# Loading Experiment Data

In this notebook, we start by loading the data collected while running different experiment-wares (in this case, MIP solvers), and perform some preprocessing on this data to allow its use for further analysis in dedicated notebooks.

## Imports

We first need to import the modules we need to load the data.
In particular, we must obviously import *Metrics-Wallet*, which we will use to deal with our data.

In [1]:
from itertools import product
from metrics.wallet import BasicAnalysis

## Reading the data

The next step is to read the data from the log files produced by our different experiment-wares.
This data is described in the file [`metrics_scalpel.yml`](config/metrics_scalpel.yml), and automatically parsed by *Metrics-Scalpel* to create a `BasicAnalysis` object.

In [2]:
analysis = BasicAnalysis(input_file='config/metrics_scalpel.yml')

The `BasicAnalysis` object instantiated above provides elementary and general methods for preprocessing our data before actually analyzing the results (which will require more specific methods as it can be seen in the dedicated notebooks).

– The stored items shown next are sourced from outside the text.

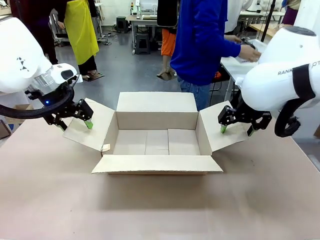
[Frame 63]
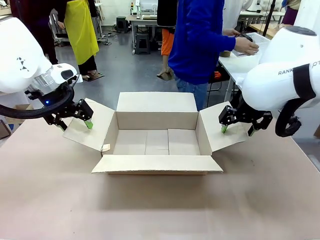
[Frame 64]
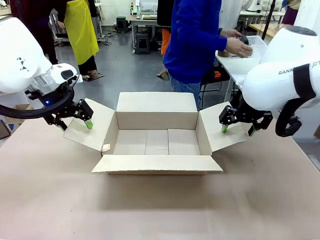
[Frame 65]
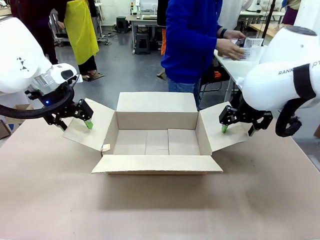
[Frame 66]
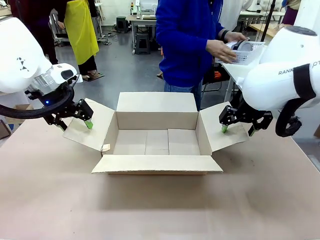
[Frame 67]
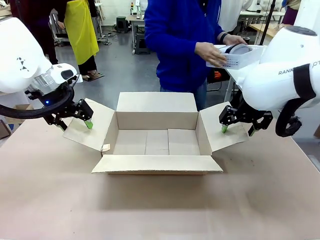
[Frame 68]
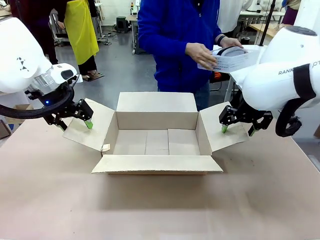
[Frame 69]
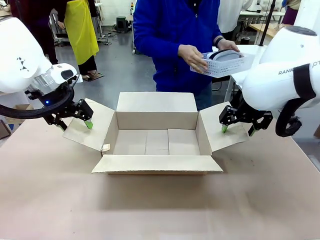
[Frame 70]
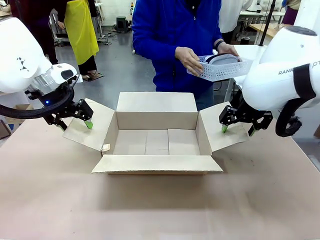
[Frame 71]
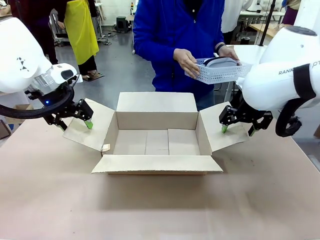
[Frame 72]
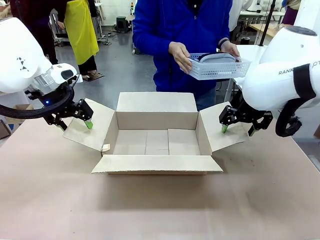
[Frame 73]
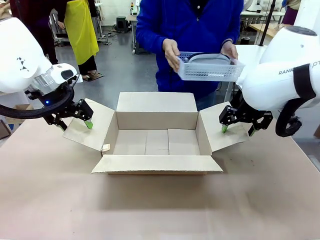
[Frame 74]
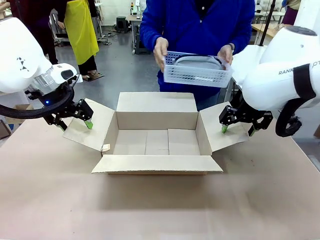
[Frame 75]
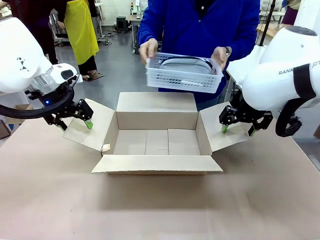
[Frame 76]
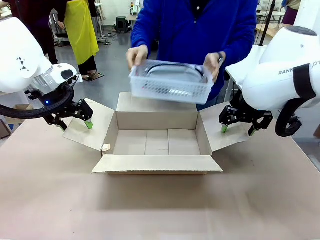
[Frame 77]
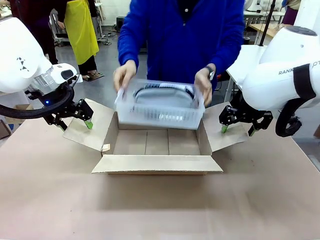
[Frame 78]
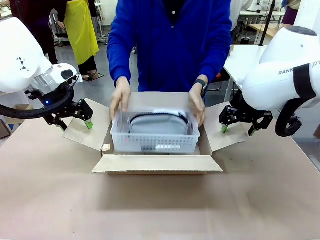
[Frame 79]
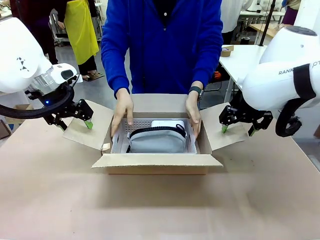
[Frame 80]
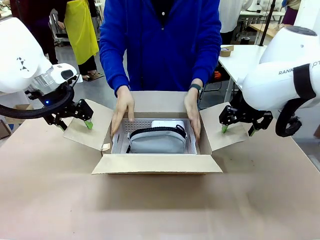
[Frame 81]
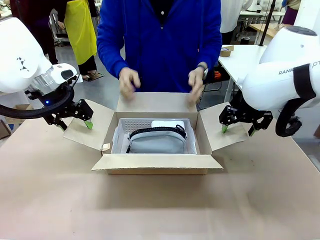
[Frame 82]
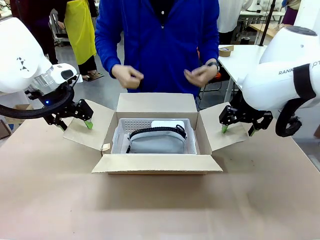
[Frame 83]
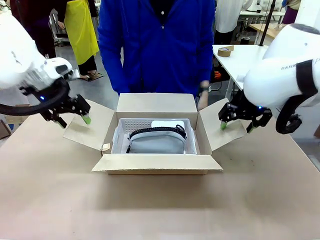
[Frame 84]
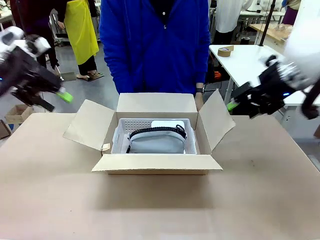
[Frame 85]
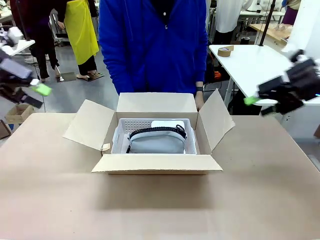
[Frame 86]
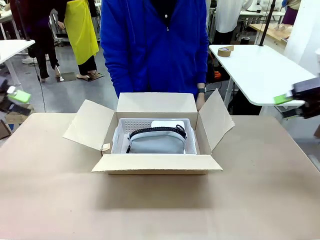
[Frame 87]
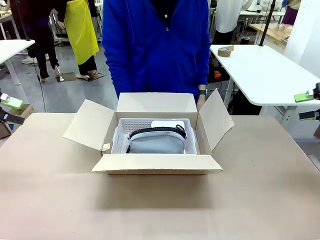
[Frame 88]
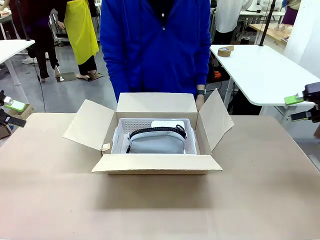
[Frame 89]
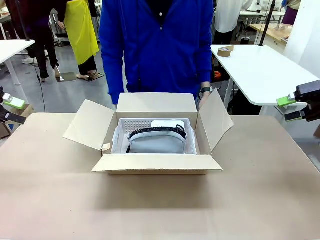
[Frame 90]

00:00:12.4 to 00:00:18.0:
Robot: Lift both hands away from the flaps of the Package Box.
Person: The human picks up the organizing basket and places the organizing basket into the package box on the robot table.

An important thing to do now is to visualize the collected data, to make sure that everything was properly read.
This can be achieved by looking at the data-frame that has been built inside the `BasicAnalysis` object.

In [3]:
analysis.data_frame

Unnamed: 0,input,experiment_ware,cpu_time,timestamp_list,bound_list,status,decision,objective,timeout,success,user_success,missing,consistent_xp,consistent_input,error
0,/home/cril/wwf/Benchmarks/MILP/roi5alpha10n8.m...,scip.sh,1200.860,"[52.3, 52.9, 71.8, 73.3, 75.5, 80.0, 84.5, 90....","[0.0, -24.62681, -24.62681, -24.62681, -24.626...",,,,1200.0,True,True,False,True,True,False
240,/home/cril/wwf/Benchmarks/MILP/roi5alpha10n8.m...,ilog_4.sh,1200.430,,,,,,1200.0,True,True,False,True,True,False
480,/home/cril/wwf/Benchmarks/MILP/roi5alpha10n8.m...,scip_c.sh,1198.330,"[52.3, 52.9, 72.0, 73.4, 75.7, 80.3, 84.8, 90....","[0.0, -24.62681, -24.62681, -24.62681, -24.626...",interrupted,,-43.566620,1200.0,True,True,False,True,True,False
720,/home/cril/wwf/Benchmarks/MILP/roi5alpha10n8.m...,ilog_6.sh,1200.070,,,,,,1200.0,True,True,False,True,True,False
960,/home/cril/wwf/Benchmarks/MILP/roi5alpha10n8.m...,scip_b.sh,1198.190,"[52.2, 52.8, 71.8, 73.3, 75.6, 79.8, 85.0, 91....","[0.0, -24.62681, -24.62681, -24.62681, -24.626...",interrupted,,-50.430375,1200.0,True,True,False,True,True,False
...,...,...,...,...,...,...,...,...,...,...,...,...,...,...,...
479,/home/cril/wwf/Benchmarks/MILP/neos-4722843-wi...,ilog_4.sh,177.752,,,"optimal, tolerance",optimal,25009.663366,1200.0,True,True,False,True,True,False
719,/home/cril/wwf/Benchmarks/MILP/neos-4722843-wi...,scip_c.sh,891.971,"[77.5, 78.6, 81.4, 84.9, 95.4, 107.0, 108.0, 1...","[33439.4, 31171.87, 30103.76, 30103.76, 27707....",solved,optimal,25009.663366,1200.0,True,True,False,True,True,False
959,/home/cril/wwf/Benchmarks/MILP/neos-4722843-wi...,ilog_6.sh,180.399,,,"optimal, tolerance",optimal,25009.663366,1200.0,True,True,False,True,True,False
1199,/home/cril/wwf/Benchmarks/MILP/neos-4722843-wi...,scip_b.sh,763.956,"[77.7, 78.8, 81.7, 85.2, 95.6, 108.0, 108.0, 1...","[33439.4, 31171.87, 30103.76, 30103.76, 27707....",solved,optimal,25009.663366,1200.0,True,True,False,True,True,False


As everything seems to be OK, we can now proceed with the preprocessing of our data.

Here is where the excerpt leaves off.